PROBLEM STATEMENT: Pictures stay out; everything else in the records gets transcribed exactly.

= = =

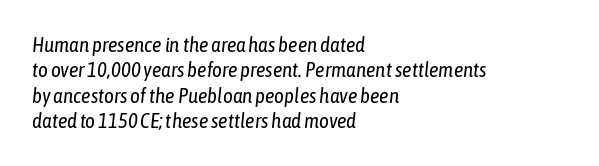
The image shows 21 px text type, italic (leaning right); set left-aligned, line spacing 1.21x, normal letter spacing, not underlined.
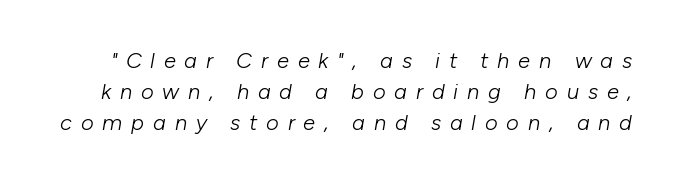
The cut favours lightness, reaching ordinary text weight at its darkest. The horizontal fit of the characters is loose and conspicuously gappy. Line spacing here is normal. The area under the type is left untouched.
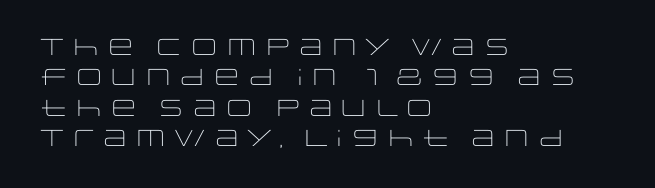
The image shows 23 px text type, upright; set left-aligned, normal line spacing (1.32x), normal letter spacing, not underlined.
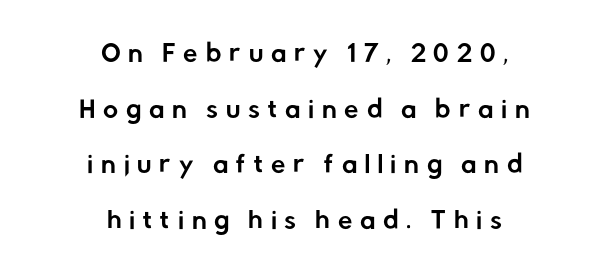
The rendering positions every line midway between the sides. Underlining? Definitely not there. Vertically, the passage feels expansive, rows floating well apart. These lines have a slow, spaced-out rhythm from letter to letter.
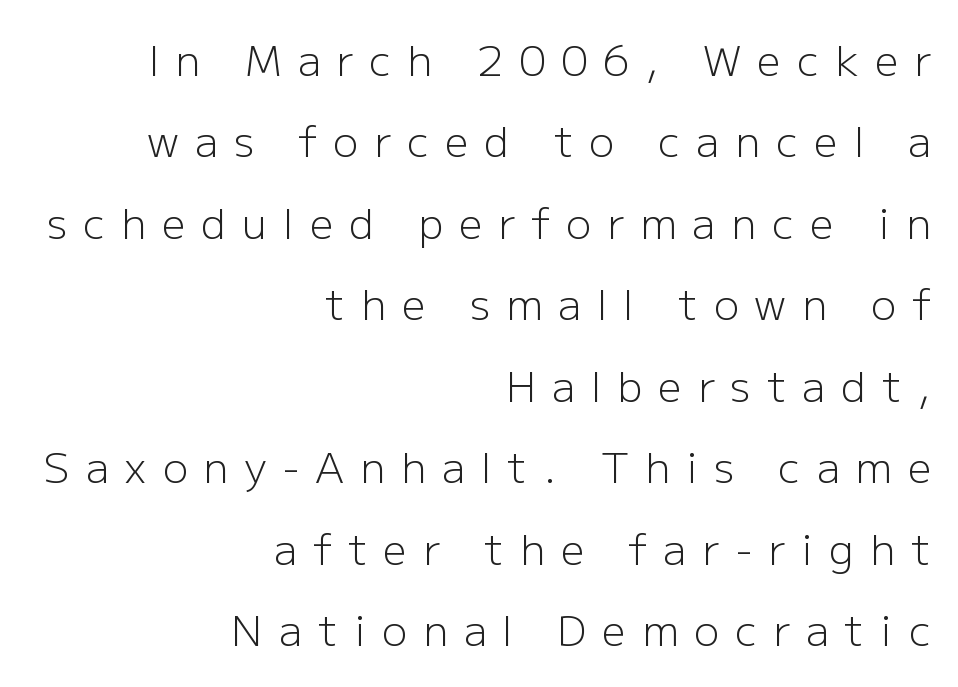
The image shows 42 px light sans-serif type, upright; set right-aligned, loose line spacing (1.94x), unusually wide letter spacing (+0.38 em), not underlined; low stroke contrast and a medium x-height.
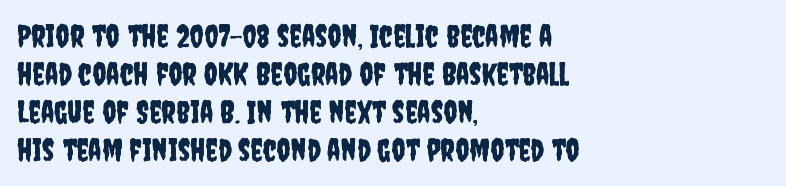
{"serif": "no", "italic": "no", "width": "condensed", "stroke_contrast": "low", "x_height": "large", "monospaced": "no", "underline": "no", "align": "left", "line_spacing_ratio": 1.23, "letter_spacing": "normal", "letter_spacing_em": 0.0, "glyph_px": 31}
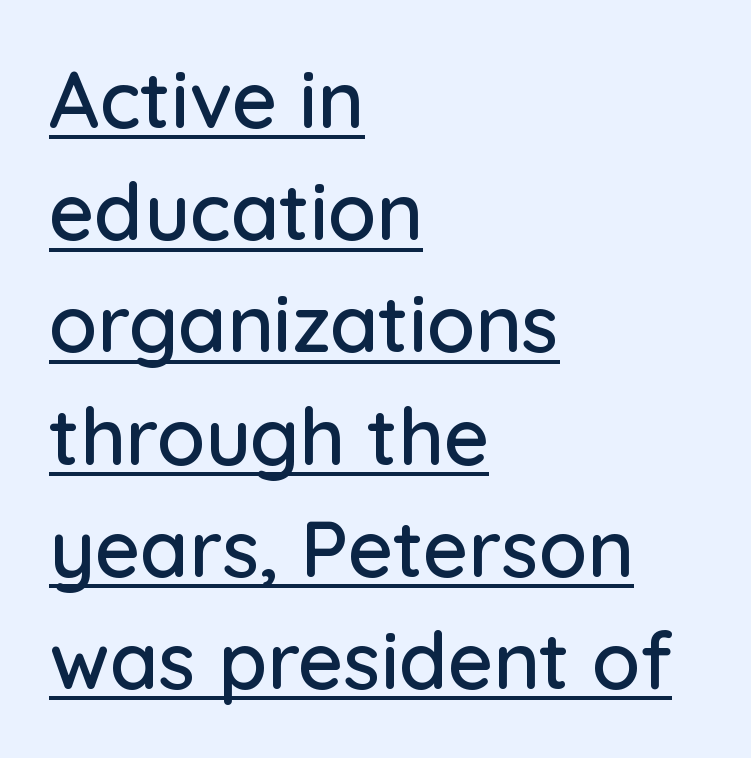
Q: Is the text italic (slanted)? A: No, it is upright.
Q: Is the typeface a serif or a sans-serif typeface? A: Sans-serif.
Q: Is the text underlined? A: Yes.
Q: How is the paragraph aligned? A: Left-aligned.
Q: Is the spacing between letters normal or unusually wide? A: Normal.
Q: Is the spacing between lines tight, normal or loose? A: Normal.
Q: Width (condensed, normal, or wide)? A: Normal.
Q: Stroke contrast? A: Low.
Q: x-height? A: Medium.
Q: Monospaced? A: No.
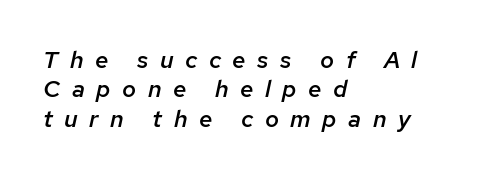
The text block is weighted toward the left margin, trailing off unevenly rightward. Caption: semibold face, moderately heavy strokes. An italicized treatment has been applied to the whole sample. Glyph-to-glyph distance is far greater than everyday printed text.
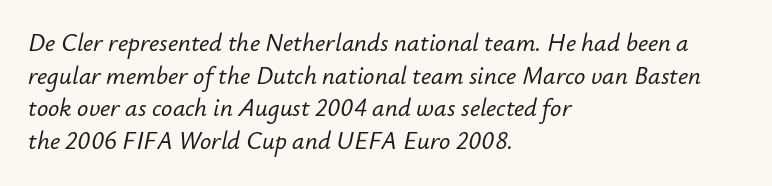
Q: Is the text italic (slanted)? A: Yes, it leans right by about 12 degrees.
Q: Is the text underlined? A: No.
Q: How is the paragraph aligned? A: Left-aligned.
Q: Is the spacing between letters normal or unusually wide? A: Normal.
Q: Is the spacing between lines tight, normal or loose? A: Normal.
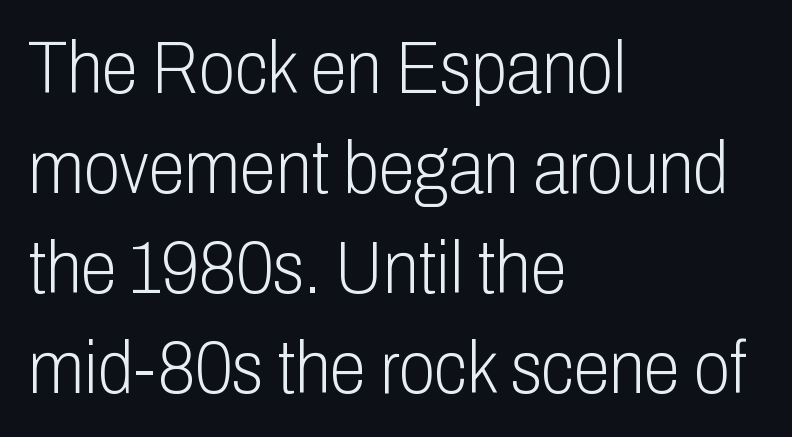
{"serif": "no", "italic": "no", "bold": "no", "weight": "light", "width": "condensed", "stroke_contrast": "low", "x_height": "medium", "monospaced": "no", "underline": "no", "align": "left", "line_spacing": "normal", "line_spacing_ratio": 1.35, "letter_spacing": "normal", "letter_spacing_em": 0.0, "glyph_px": 74}
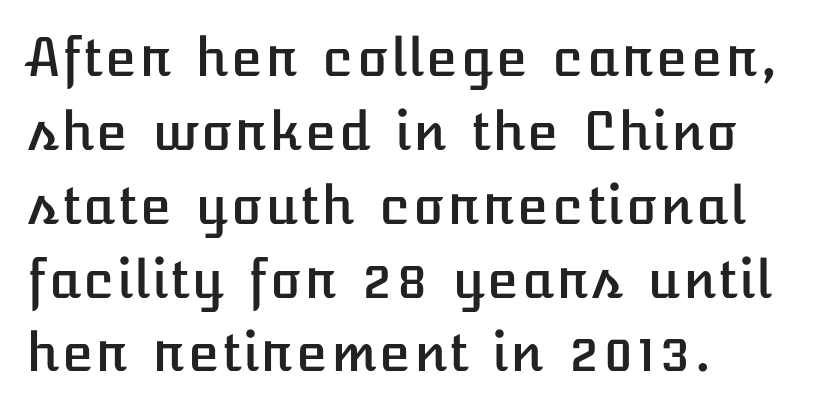
{"italic": "no", "width": "normal", "stroke_contrast": "low", "x_height": "medium", "underline": "no", "align": "left", "line_spacing": "normal", "line_spacing_ratio": 1.42, "letter_spacing": "normal", "letter_spacing_em": 0.0, "glyph_px": 52}
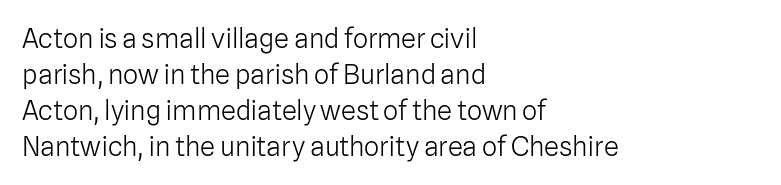
The image shows 27 px text type, upright; set left-aligned, normal line spacing (1.33x), normal letter spacing, not underlined.
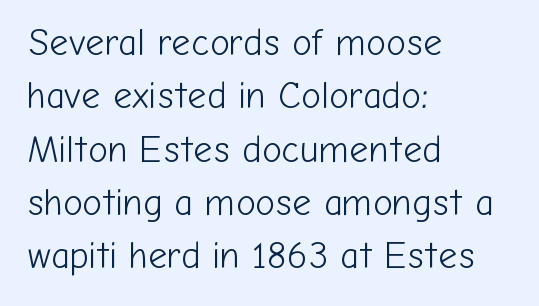
You could not count columns in this text — the font is proportionally spaced. The compositor pushed each line to the left boundary. Is there much room between lines? A standard amount, neither cramped nor airy. Words float on clear page, feet unadorned. No extra ink here — the face is not bold. Is there any slant? The stems are plumb.
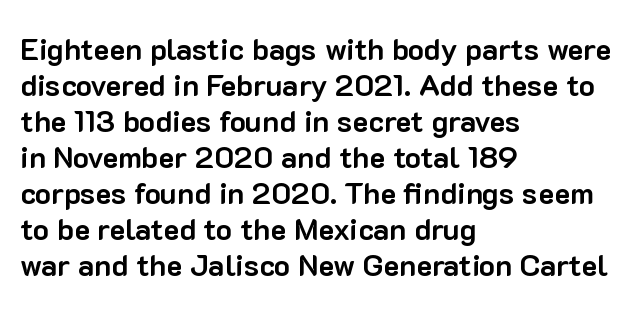
Q: Is the text bold? A: Yes.
Q: Is the text italic (slanted)? A: No, it is upright.
Q: Is the typeface a serif or a sans-serif typeface? A: Sans-serif.
Q: Is the text underlined? A: No.
Q: How is the paragraph aligned? A: Left-aligned.
Q: Is the spacing between letters normal or unusually wide? A: Normal.
Q: Width (condensed, normal, or wide)? A: Normal.
Q: Stroke contrast? A: Low.
Q: x-height? A: Medium.
Q: Monospaced? A: No.

= = =

ANSWER SECTION:
The image shows 21 px text type, italic (leaning right); set left-aligned, line spacing 1.21x, normal letter spacing, not underlined.
The cut favours lightness, reaching ordinary text weight at its darkest. The horizontal fit of the characters is loose and conspicuously gappy. Line spacing here is normal. The area under the type is left untouched.
The image shows 23 px text type, upright; set left-aligned, normal line spacing (1.32x), normal letter spacing, not underlined.
The rendering positions every line midway between the sides. Underlining? Definitely not there. Vertically, the passage feels expansive, rows floating well apart. These lines have a slow, spaced-out rhythm from letter to letter.
The image shows 42 px light sans-serif type, upright; set right-aligned, loose line spacing (1.94x), unusually wide letter spacing (+0.38 em), not underlined; low stroke contrast and a medium x-height.
{"serif": "no", "italic": "no", "width": "condensed", "stroke_contrast": "low", "x_height": "large", "monospaced": "no", "underline": "no", "align": "left", "line_spacing_ratio": 1.23, "letter_spacing": "normal", "letter_spacing_em": 0.0, "glyph_px": 31}
Q: Is the text italic (slanted)? A: No, it is upright.
Q: Is the typeface a serif or a sans-serif typeface? A: Sans-serif.
Q: Is the text underlined? A: Yes.
Q: How is the paragraph aligned? A: Left-aligned.
Q: Is the spacing between letters normal or unusually wide? A: Normal.
Q: Is the spacing between lines tight, normal or loose? A: Normal.
Q: Width (condensed, normal, or wide)? A: Normal.
Q: Stroke contrast? A: Low.
Q: x-height? A: Medium.
Q: Monospaced? A: No.
The text block is weighted toward the left margin, trailing off unevenly rightward. Caption: semibold face, moderately heavy strokes. An italicized treatment has been applied to the whole sample. Glyph-to-glyph distance is far greater than everyday printed text.
Q: Is the text italic (slanted)? A: Yes, it leans right by about 12 degrees.
Q: Is the text underlined? A: No.
Q: How is the paragraph aligned? A: Left-aligned.
Q: Is the spacing between letters normal or unusually wide? A: Normal.
Q: Is the spacing between lines tight, normal or loose? A: Normal.
{"serif": "no", "italic": "no", "bold": "no", "weight": "light", "width": "condensed", "stroke_contrast": "low", "x_height": "medium", "monospaced": "no", "underline": "no", "align": "left", "line_spacing": "normal", "line_spacing_ratio": 1.35, "letter_spacing": "normal", "letter_spacing_em": 0.0, "glyph_px": 74}
{"italic": "no", "width": "normal", "stroke_contrast": "low", "x_height": "medium", "underline": "no", "align": "left", "line_spacing": "normal", "line_spacing_ratio": 1.42, "letter_spacing": "normal", "letter_spacing_em": 0.0, "glyph_px": 52}
The image shows 27 px text type, upright; set left-aligned, normal line spacing (1.33x), normal letter spacing, not underlined.
You could not count columns in this text — the font is proportionally spaced. The compositor pushed each line to the left boundary. Is there much room between lines? A standard amount, neither cramped nor airy. Words float on clear page, feet unadorned. No extra ink here — the face is not bold. Is there any slant? The stems are plumb.
Q: Is the text bold? A: Yes.
Q: Is the text italic (slanted)? A: No, it is upright.
Q: Is the typeface a serif or a sans-serif typeface? A: Sans-serif.
Q: Is the text underlined? A: No.
Q: How is the paragraph aligned? A: Left-aligned.
Q: Is the spacing between letters normal or unusually wide? A: Normal.
Q: Width (condensed, normal, or wide)? A: Normal.
Q: Stroke contrast? A: Low.
Q: x-height? A: Medium.
Q: Monospaced? A: No.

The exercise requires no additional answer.